Every entry should be reproduced precisely, with each picture left out.

Records from a collection
==*==

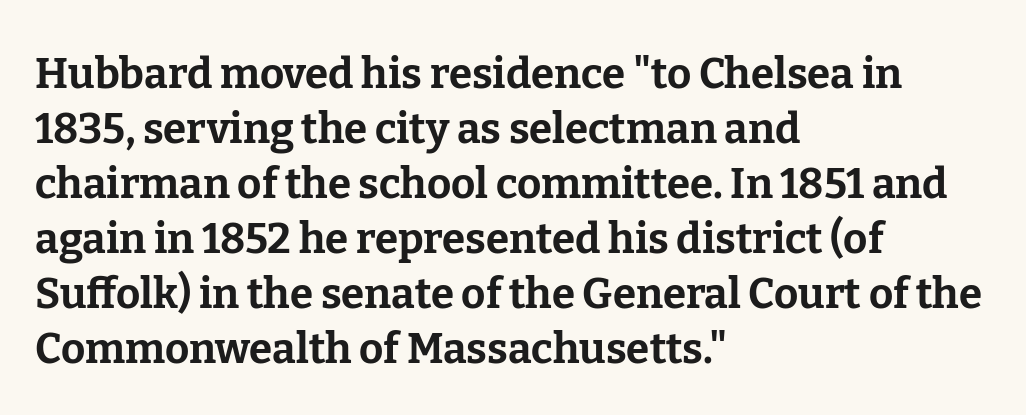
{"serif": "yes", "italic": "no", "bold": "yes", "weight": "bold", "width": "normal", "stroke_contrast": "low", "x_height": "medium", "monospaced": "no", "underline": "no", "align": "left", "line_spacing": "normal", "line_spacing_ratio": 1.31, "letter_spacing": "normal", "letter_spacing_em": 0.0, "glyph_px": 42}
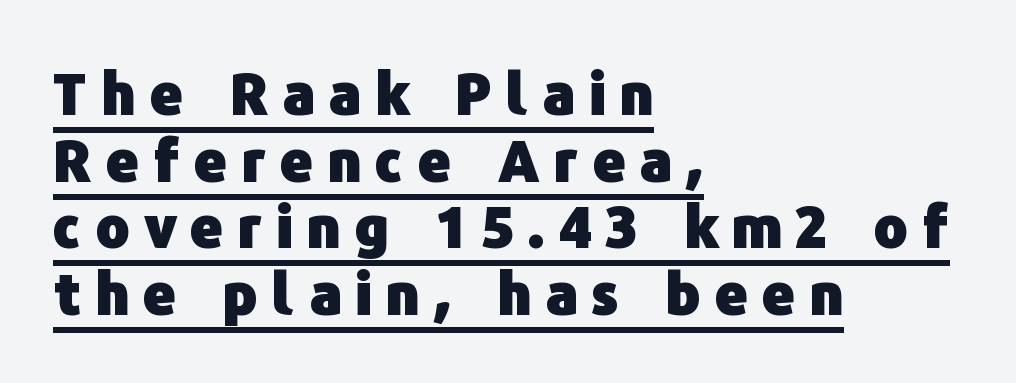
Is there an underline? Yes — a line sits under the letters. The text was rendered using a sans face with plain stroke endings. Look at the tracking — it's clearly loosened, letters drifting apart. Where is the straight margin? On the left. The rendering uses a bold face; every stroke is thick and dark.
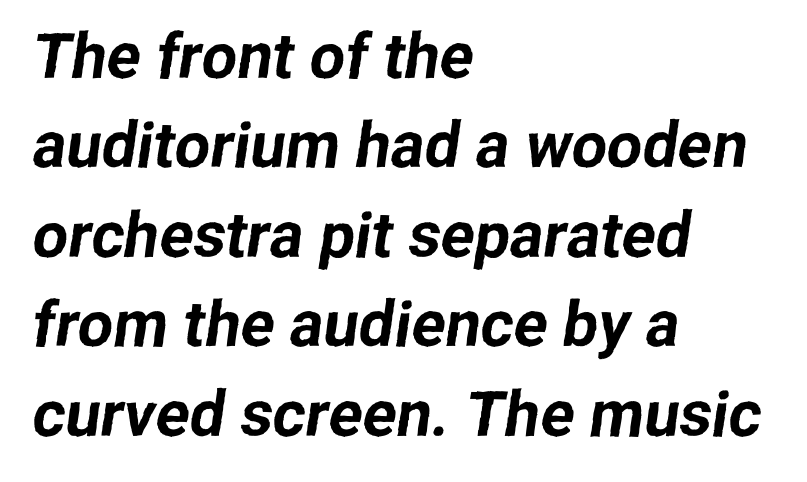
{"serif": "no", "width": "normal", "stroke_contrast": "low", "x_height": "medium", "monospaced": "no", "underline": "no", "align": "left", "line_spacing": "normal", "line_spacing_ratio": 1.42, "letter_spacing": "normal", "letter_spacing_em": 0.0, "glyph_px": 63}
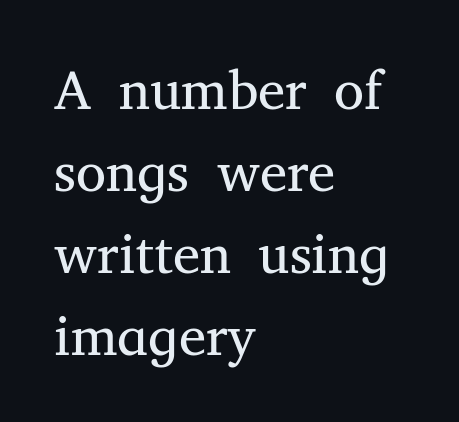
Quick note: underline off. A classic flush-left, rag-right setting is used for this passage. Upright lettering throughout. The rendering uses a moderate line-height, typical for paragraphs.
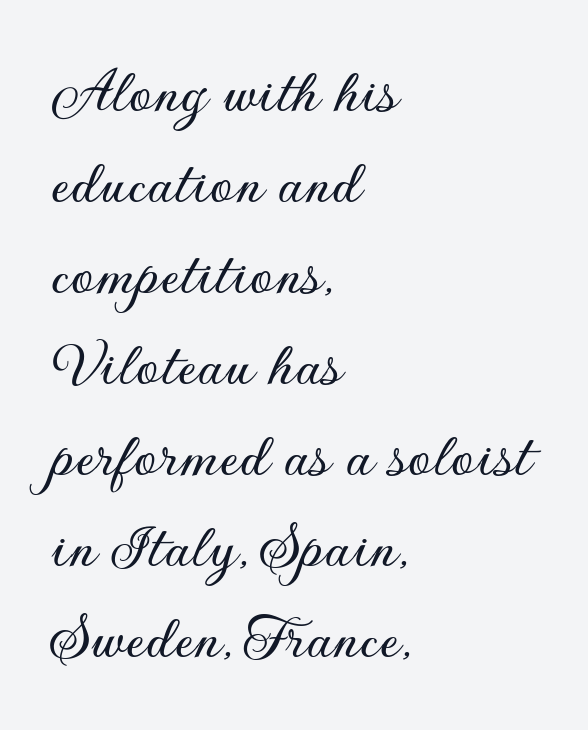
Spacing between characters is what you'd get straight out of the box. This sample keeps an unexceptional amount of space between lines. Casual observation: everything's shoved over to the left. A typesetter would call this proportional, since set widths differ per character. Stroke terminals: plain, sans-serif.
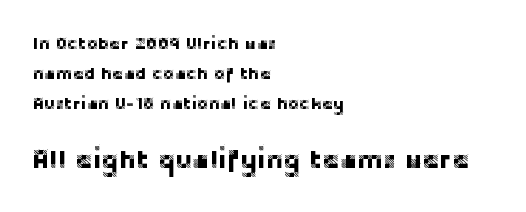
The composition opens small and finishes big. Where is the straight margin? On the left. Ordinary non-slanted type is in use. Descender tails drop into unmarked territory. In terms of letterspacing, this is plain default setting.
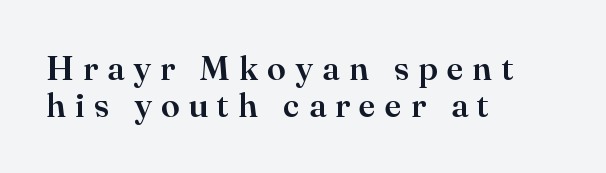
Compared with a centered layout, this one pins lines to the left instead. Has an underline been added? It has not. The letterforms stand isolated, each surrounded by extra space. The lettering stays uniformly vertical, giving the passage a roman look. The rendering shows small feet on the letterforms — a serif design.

==*==

Result:
{"serif": "yes", "italic": "no", "bold": "yes", "weight": "bold", "width": "normal", "stroke_contrast": "low", "x_height": "medium", "monospaced": "no", "underline": "no", "align": "left", "line_spacing": "normal", "line_spacing_ratio": 1.31, "letter_spacing": "normal", "letter_spacing_em": 0.0, "glyph_px": 42}
Is there an underline? Yes — a line sits under the letters. The text was rendered using a sans face with plain stroke endings. Look at the tracking — it's clearly loosened, letters drifting apart. Where is the straight margin? On the left. The rendering uses a bold face; every stroke is thick and dark.
{"serif": "no", "width": "normal", "stroke_contrast": "low", "x_height": "medium", "monospaced": "no", "underline": "no", "align": "left", "line_spacing": "normal", "line_spacing_ratio": 1.42, "letter_spacing": "normal", "letter_spacing_em": 0.0, "glyph_px": 63}
Quick note: underline off. A classic flush-left, rag-right setting is used for this passage. Upright lettering throughout. The rendering uses a moderate line-height, typical for paragraphs.
Spacing between characters is what you'd get straight out of the box. This sample keeps an unexceptional amount of space between lines. Casual observation: everything's shoved over to the left. A typesetter would call this proportional, since set widths differ per character. Stroke terminals: plain, sans-serif.
The composition opens small and finishes big. Where is the straight margin? On the left. Ordinary non-slanted type is in use. Descender tails drop into unmarked territory. In terms of letterspacing, this is plain default setting.
Compared with a centered layout, this one pins lines to the left instead. Has an underline been added? It has not. The letterforms stand isolated, each surrounded by extra space. The lettering stays uniformly vertical, giving the passage a roman look. The rendering shows small feet on the letterforms — a serif design.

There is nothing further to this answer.